Basically the last time FTBs were so stretched, and expended 40% of their budget on a Mortgage was in 1982 ! Note that then interest rates were 15.2 %. The amount of capital borrowed this time is enourmous !

Result is that banks are coming to their senses and therefore only offering 75% of what they offered in December. This will cool the market !

Prediction: If the ECB imposes a IR riase the MPC will also recommend a rise too either in Oct or in Nov - but most probably on the same day. The Euro and Pound Sterling seem to be pegged in recent times (same external pressures).

If it is true that the ECB is planning to go to 4% (and assuming the pegging) then this means that there could be 3x 0.25% more rises - perhaps taking GBP base rates to 5.5% next year ?? what do you think ?

Monday, October 2, 2006 04:49AM Report Comment
 

3. The Capitalist said...

well said, Sir Google.

It's all very, very simple: houses are are unaffordable for most, and now that the inflation monster is on the loose due to Brown's spending and our own MEW, interest rates will be IMHO around 5% next year. This will wipe out those who borrowed too much. And don't forget we've got higher taxes to look forward too.

Monday, October 2, 2006 08:58AM Report Comment
 

4. inbreda said...

Like your thinking.

I wonder - if current levels represent the 1982 equivalent of 15.2% interest rates, what would be the 1982 equivalent if we DID have 3x 0.25% increases? Presumably nearer 20%?

Monday, October 2, 2006 09:25AM Report Comment
 

5. Ticktock said...

I suspect that rates have a long, long, way to go up yet before inflation expectations are contained.
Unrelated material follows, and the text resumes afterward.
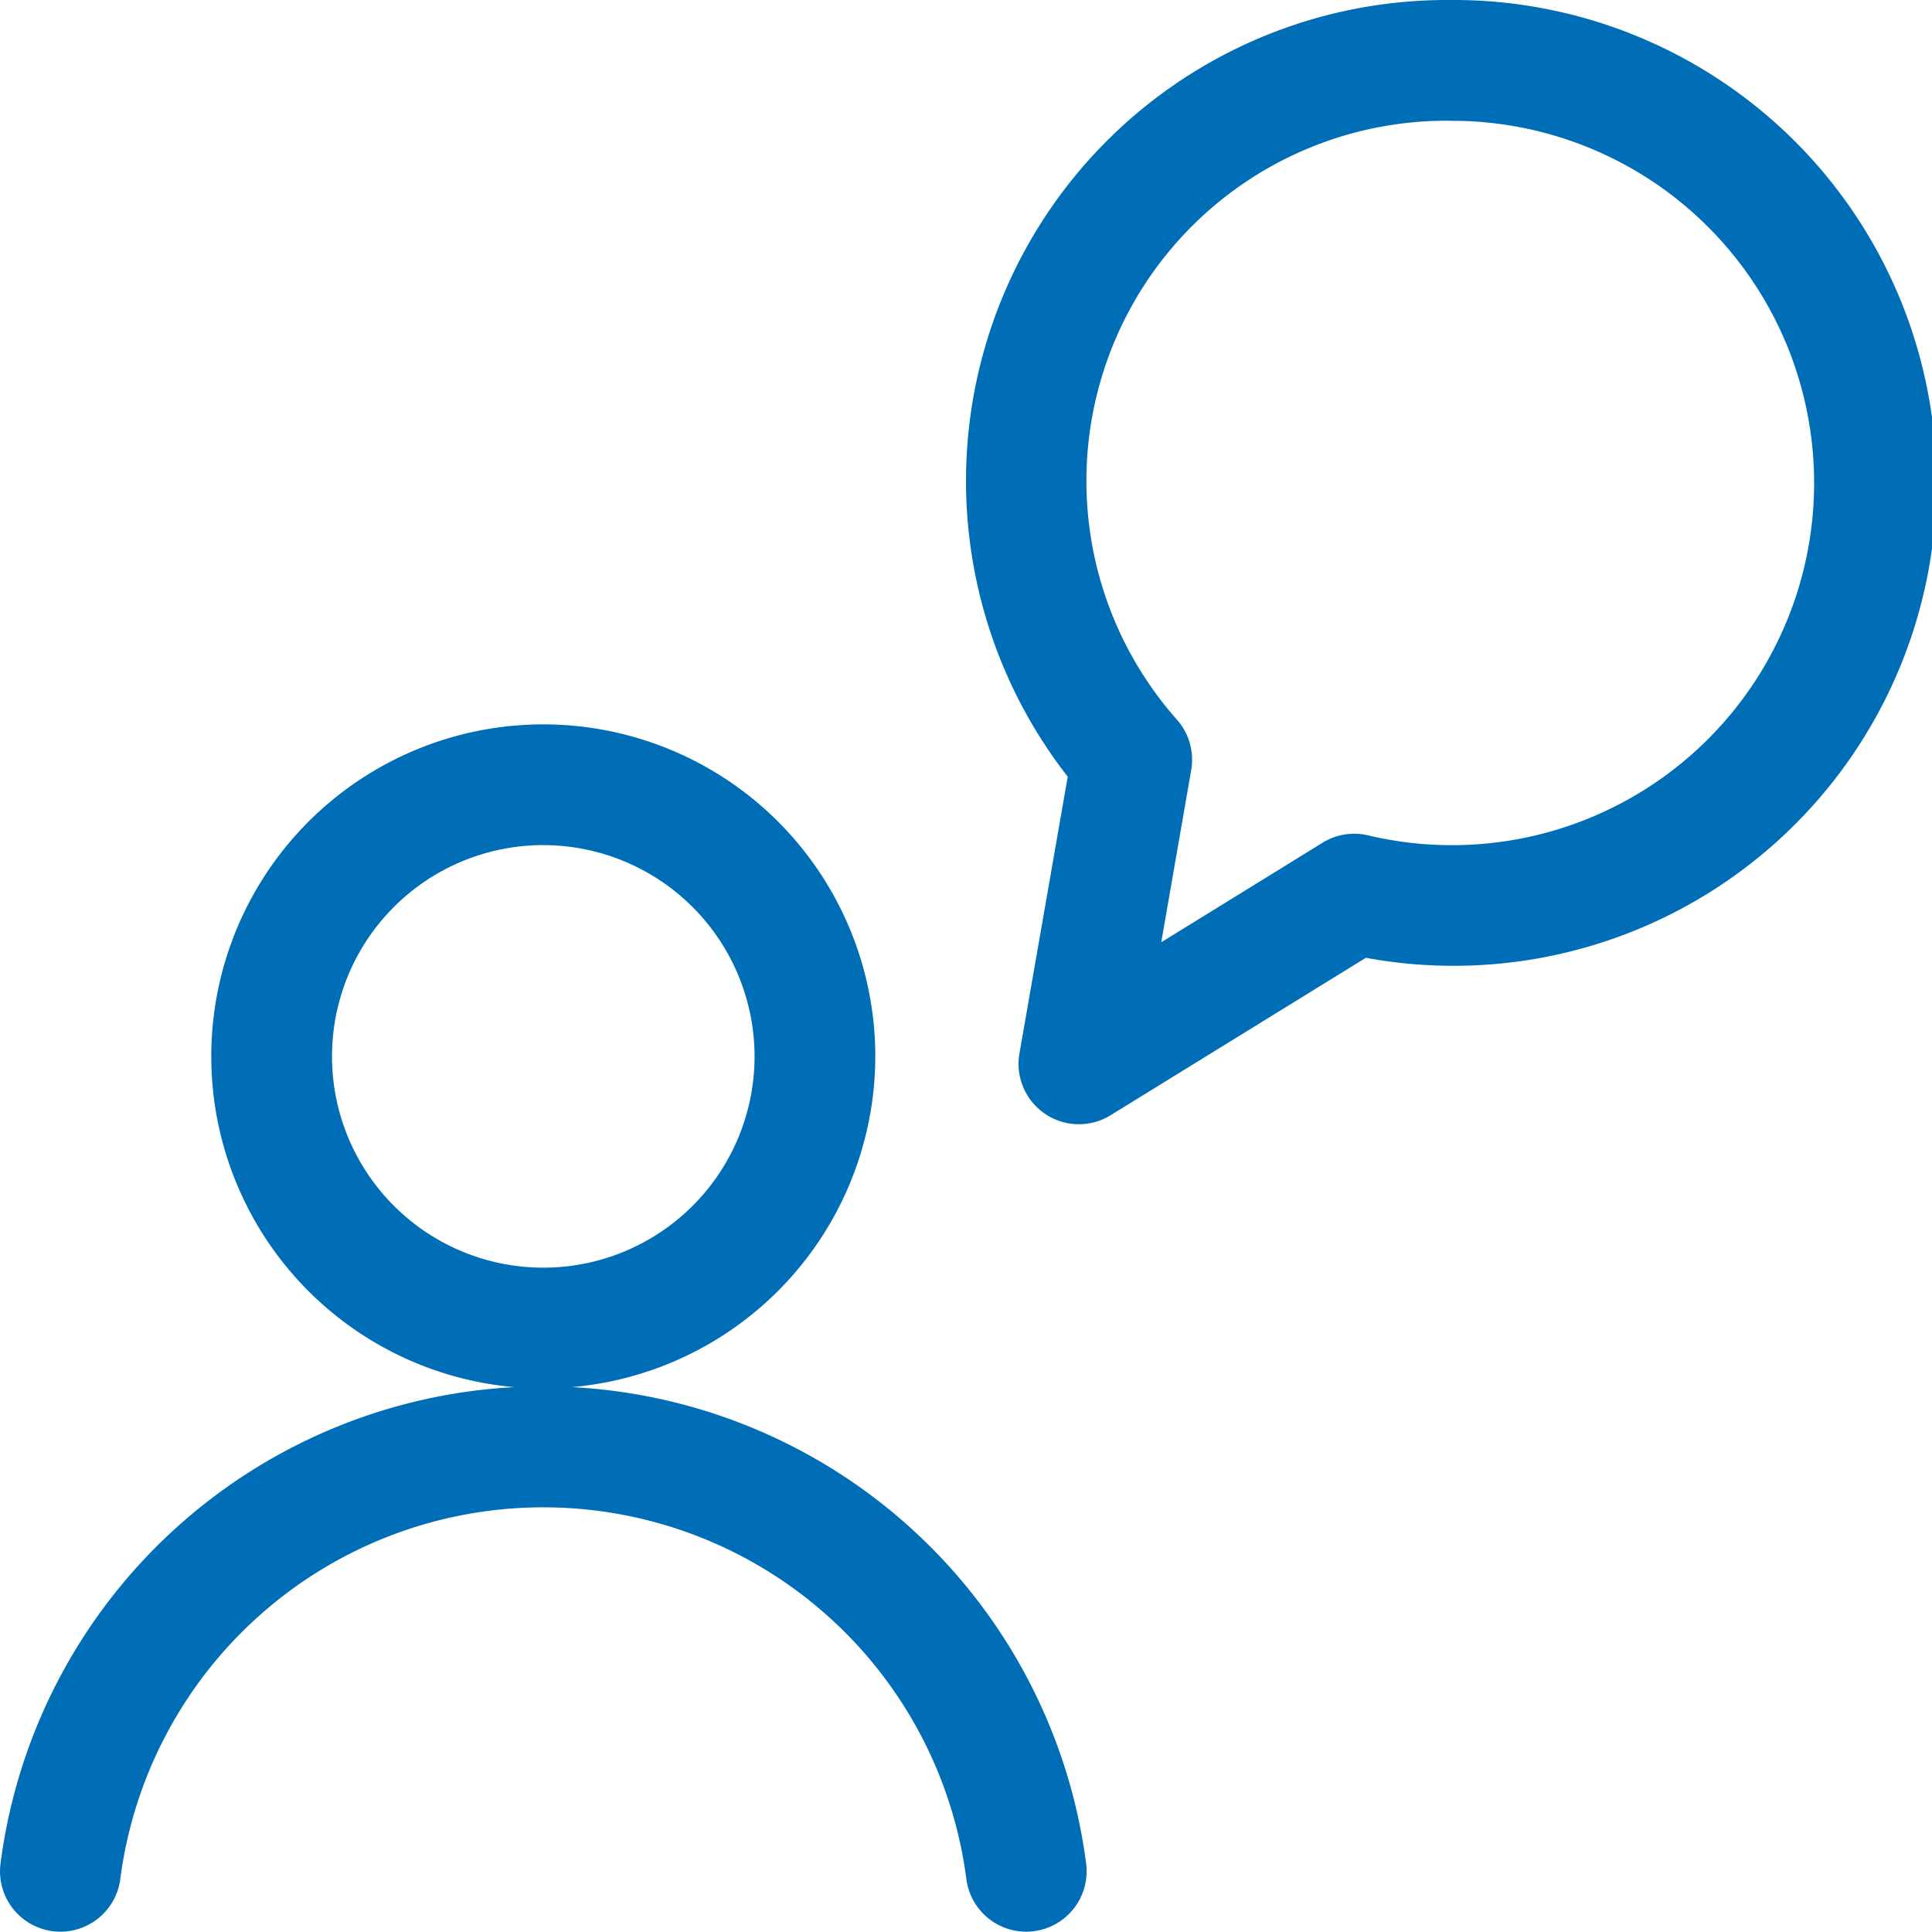 <svg xmlns="http://www.w3.org/2000/svg" width="24.004" height="24" viewBox="0 0 24.004 24"><g transform="translate(-282 -96)"><path d="M299.974,96h.033a6,6,0,1,1-1.037,11.9l-3.171,1.956a.75.75,0,0,1-1.133-.767l.6-3.439A5.975,5.975,0,0,1,299.974,96ZM300,97.5h-.027a4.475,4.475,0,0,0-3.35,7.442.75.75,0,0,1,.177.626l-.372,2.139,2.005-1.237a.75.75,0,0,1,.562-.092,4.5,4.5,0,1,0,1.01-8.877Z" fill="#006eb6"/><path d="M288.75,113.25a4.125,4.125,0,1,1,4.125-4.125A4.13,4.13,0,0,1,288.75,113.25Zm0-6.75a2.625,2.625,0,1,0,2.625,2.625A2.628,2.628,0,0,0,288.75,106.5Z" fill="#006eb6"/><path d="M294.749,120a.75.75,0,0,1-.742-.65,5.3,5.3,0,0,0-10.513,0,.75.75,0,1,1-1.487-.2,6.8,6.8,0,0,1,13.487,0,.75.75,0,0,1-.643.843A.758.758,0,0,1,294.749,120Z" fill="#006eb6"/></g></svg>

You simply cannot print endless amounts of money for ever without the public eventualy realising that they are being cheated. This may be a very 'old economy' view of things, but inflation is what it is (and that DOES include house prices too!)

If/when growth slows, and Central Banks cut, the resulting extra inflation would force rates up faster anyway (like the last cut did). In short, Cenral Banks have run out of rope.
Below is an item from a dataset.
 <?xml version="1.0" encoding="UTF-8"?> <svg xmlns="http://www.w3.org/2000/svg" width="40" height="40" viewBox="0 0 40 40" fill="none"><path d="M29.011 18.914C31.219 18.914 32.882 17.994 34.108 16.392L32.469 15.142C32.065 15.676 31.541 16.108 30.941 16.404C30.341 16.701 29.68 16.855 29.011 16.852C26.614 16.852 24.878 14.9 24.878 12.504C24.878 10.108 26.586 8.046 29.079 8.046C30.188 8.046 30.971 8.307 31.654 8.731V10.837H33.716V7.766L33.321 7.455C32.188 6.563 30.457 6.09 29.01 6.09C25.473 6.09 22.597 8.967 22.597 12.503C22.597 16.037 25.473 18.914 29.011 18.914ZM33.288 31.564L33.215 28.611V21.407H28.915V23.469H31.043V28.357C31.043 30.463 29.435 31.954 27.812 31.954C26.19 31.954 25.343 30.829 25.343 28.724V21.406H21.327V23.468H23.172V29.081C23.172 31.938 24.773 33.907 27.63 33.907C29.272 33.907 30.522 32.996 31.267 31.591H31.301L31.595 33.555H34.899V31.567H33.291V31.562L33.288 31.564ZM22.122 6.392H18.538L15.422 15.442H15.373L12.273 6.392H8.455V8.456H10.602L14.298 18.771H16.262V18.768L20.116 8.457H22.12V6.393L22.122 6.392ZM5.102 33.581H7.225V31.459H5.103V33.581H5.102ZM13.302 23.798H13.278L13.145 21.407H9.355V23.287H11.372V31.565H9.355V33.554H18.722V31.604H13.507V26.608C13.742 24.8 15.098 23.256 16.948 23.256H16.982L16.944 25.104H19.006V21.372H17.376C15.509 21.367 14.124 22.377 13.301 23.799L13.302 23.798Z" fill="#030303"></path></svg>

If it wasn't for our 'rent boy' type relationship with the US, Stirling would already have been sunk by the hedge funds.

I would personaly rather we maintained our dignity as a Nation and took the necessary pain, but sadly, too many 'decent, hard working, middle class' Brits. prefer to be 'bummed' and still receive the dollars.

Monday, October 2, 2006 10:26AM Report Comment
 

6. bidin'matime said...

Whatever the 1982 equivalent, a 0.75% rise would be over 10% increase on a typical mortgage payment, so the 40% would increase to 44% - if they can afford this, then something else (eg holidays) will have to be given up, but if there is no slack at all, it's down the slippery slope...

Monday, October 2, 2006 01:20PM Report Comment
 

7. talking rot said...

SirGoogle

Like your thinking. Is 5.5% sufficient to precipitate a crash? surely not at this [historically] low level although it will cause a lot of pain. In the past, a 3% rise in interest rates within one year has always preceeded a house price crash. (Taken from The Economist - not my own work I hasten to add so it may be baloney). Are we now saying a crash could be started when 3 lots of 0.25% increases hit the market? Even with apparently high levels of debt, I'm not sure this will work.

Bidin'

Sorry, I can not follow your logic. I understand that you are saying a 0.75% increase on IRs is 10% of the typical 7.5% mortgage rate available today but 0.75% is not a lot. Do you believe there are sufficient people on a precipice that such a small [in money terms] increase will cause wholesale forced sales and thus a crash?

Monday, October 2, 2006 01:51PM Report Comment
 

8. C'mon Correction said...

TR

If interest rates only go up to 5.5%, I think it would put off any further BTL's who are currently carrying the market. BTL is not a very good investment option currently, long term it isn't much better than a good savings account, short term it's worse. Plus, when interest rates went up 1% recently it turned HPI on it's head and then a cut of .25% set up (some way towards) another mini-boom.

House prices are tightly dialled into even tiny interest rate movements. Estate agents, banks and the MPC all know it; there are a lot of people getting in financial trouble even when 'everything is rosy in the garden' and rates are low.